An open API service indexing awesome lists of open source software.

https://github.com/didogrigorov/airqualitymlclassification

Machine Learning Classification Model with TensorFlow Based on the Data Coming From City Air Quality Sensors
https://github.com/didogrigorov/airqualitymlclassification

classification classification-model classification-models google-colab google-colab-notebook google-colaboratory google-colaboratory-notebooks jupyter-notebook jupyter-notebooks machine-learning tensorflow

Last synced: about 1 month ago
JSON representation

Machine Learning Classification Model with TensorFlow Based on the Data Coming From City Air Quality Sensors

Awesome Lists containing this project

README

          

# Air Quality Prediction

## Overview
This project is a machine learning-based air quality prediction system developed using TensorFlow and Keras. It utilizes a dataset containing various environmental features to classify air quality into different categories. The model is designed for robust performance, employing feature scaling, dropout regularization, and batch normalization to improve accuracy and prevent overfitting.

## Features
- **Data Preprocessing:** Feature scaling using `MinMaxScaler` for normalization.
- **Neural Network Architecture:** Multi-layer perceptron (MLP) with dense layers, batch normalization, dropout, and L2 regularization.
- **Optimization Techniques:** Uses early stopping and learning rate reduction strategies to enhance model performance.
- **Classification:** Predicts air quality levels based on input environmental parameters.
- **Evaluation Metrics:** Reports loss and accuracy on test data.
- **Predictive Capabilities:** Accepts new input data for air quality classification.

## Dataset
The dataset is expected to be in a CSV file named `dataset.csv` and should have the following columns:
```
Feature1, Feature2, Feature3, Feature4, Feature5, Feature6, AirQuality
```
- `Feature1` to `Feature6`: Numerical values representing various environmental factors affecting air quality.
- `AirQuality`: The target variable, categorized into different air quality levels.

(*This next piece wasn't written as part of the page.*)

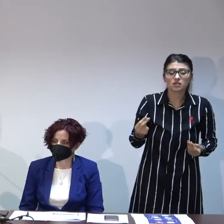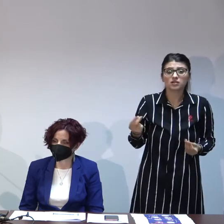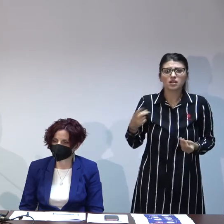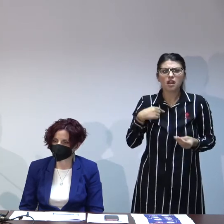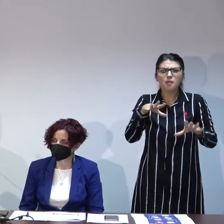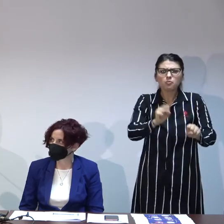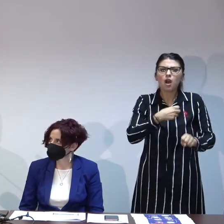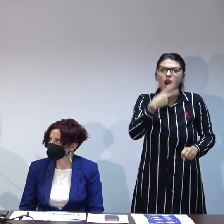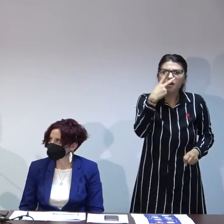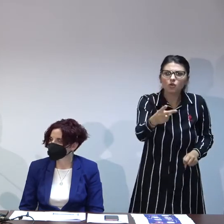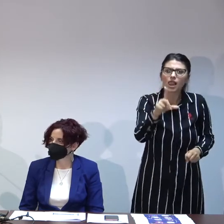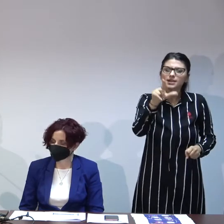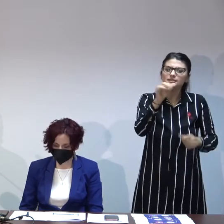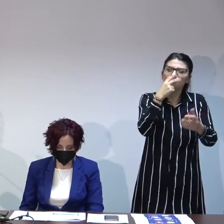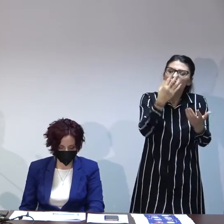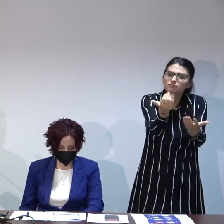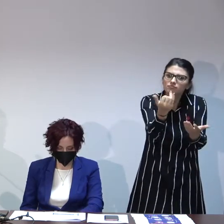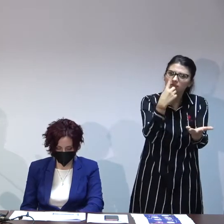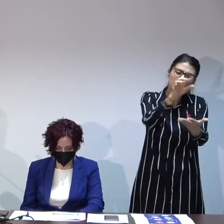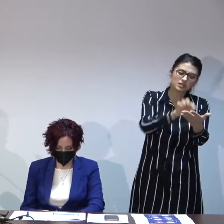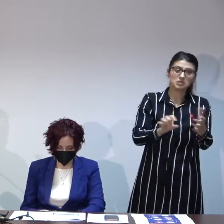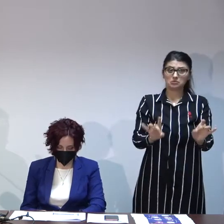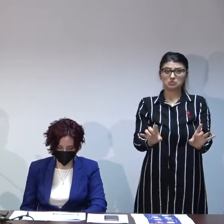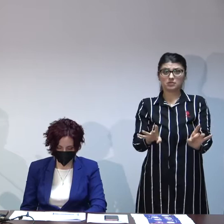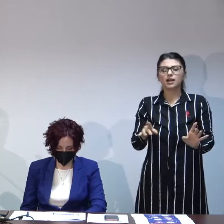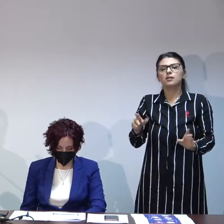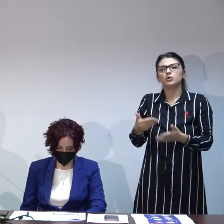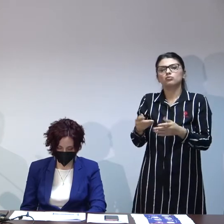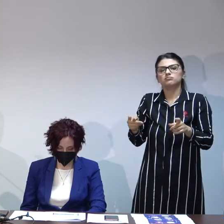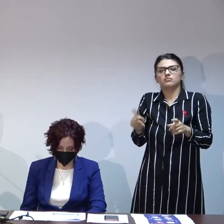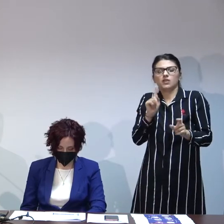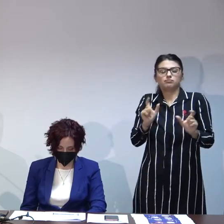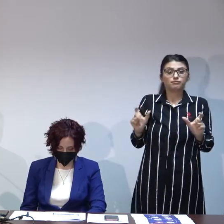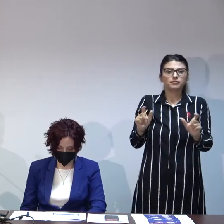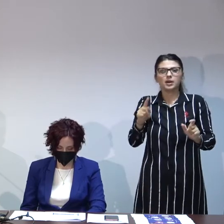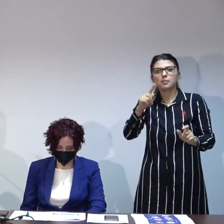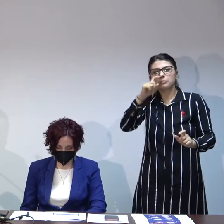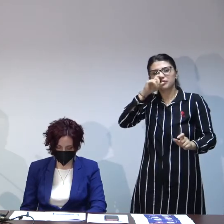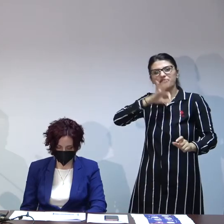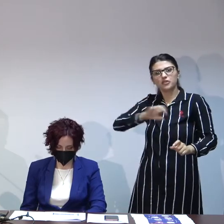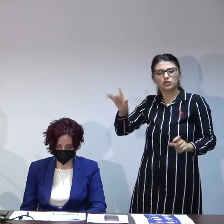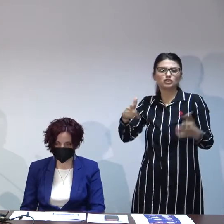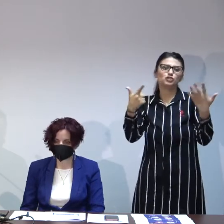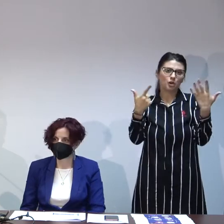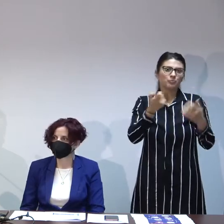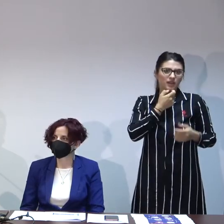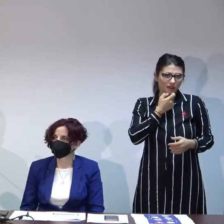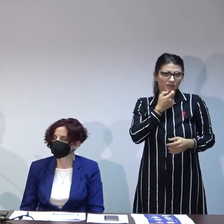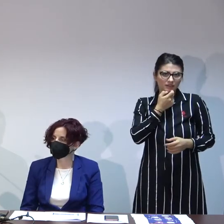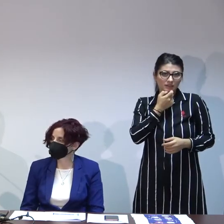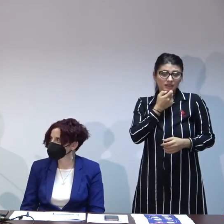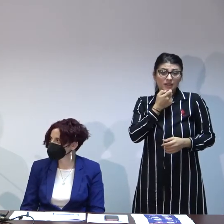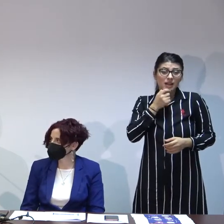pentru că am intrat în potrivire imediat cu băiețelul nostru care are 7 ani și a

## Installation & Dependencies
Ensure you have the required dependencies installed:
```bash
pip install pandas scikit-learn tensorflow
```

## How to Run the Project
1. Place `dataset.csv` in the working directory.
2. Execute the Python script:
```bash
python air_quality_dataset.py
```
3. The script performs the following tasks:
- Loads and preprocesses the dataset.
- Splits data into training and testing sets.
- Builds and trains a deep learning model.
- Evaluates the model's accuracy on test data.
- Predicts air quality for a sample input.

## Model Architecture
The neural network comprises the following layers:
1. **Input Layer:**
- 256 neurons with ReLU activation
- L2 regularization to reduce overfitting
2. **Hidden Layers:**
- 128 and 64 neurons with ReLU activation
- Batch normalization to stabilize training
- Dropout layers (30-40%) to prevent overfitting
3. **Output Layer:**
- Softmax activation for multi-class classification

### Model Schema
Below is a simple schema representation of the model architecture:
```
Input Layer (256 neurons, ReLU, L2 Regularization)
|
Batch Normalization
|
Dropout (40%)
|
Hidden Layer (128 neurons, ReLU, L2 Regularization)
|
Batch Normalization
|
Dropout (30%)
|
Hidden Layer (64 neurons, ReLU, L2 Regularization)
|
Batch Normalization
|
Dropout (30%)
|
Output Layer (Softmax Activation)
```

## Training Details
- The model is compiled using the **Adam optimizer** with a learning rate of `0.001`.
- Uses **categorical cross-entropy** as the loss function.
- Implements **early stopping** and **ReduceLROnPlateau** to optimize training efficiency.
- Training is conducted for **up to 200 epochs**, with a batch size of **32**.

## Model Evaluation
- The script evaluates model accuracy and loss on the test dataset.
- Accuracy is printed after model evaluation:
```python
loss, accuracy = model.evaluate(X_test, y_test)
print(f"Test Accuracy: {accuracy}")
```

## Making Predictions
A sample prediction can be made as follows:
```python
new_data = [[640, 590, 1105, 1608, 1459, 2427]]
new_data_normalized = scaler.transform(new_data)
prediction = model.predict(new_data_normalized)
predicted_class = prediction.argmax(axis=1) + 1
print(f"Predicted Air Quality Class: {predicted_class}")
```

## Future Enhancements
- **Expand Dataset:** Incorporate more features and data points to improve accuracy.
- **Hyperparameter Tuning:** Experiment with different architectures and optimizers.
- **Deploy Model:** Convert into an API or web-based interface for real-time predictions.
- **Visualization:** Integrate Matplotlib/Seaborn for data analysis and insights.

## License
This project is open-source and available under the MIT License.

## Author
Dilyan Grigorov

## Acknowledgments
- **TensorFlow & Keras:** For deep learning framework.
- **Scikit-learn:** For preprocessing and model evaluation.
- **Pandas:** For data manipulation and processing.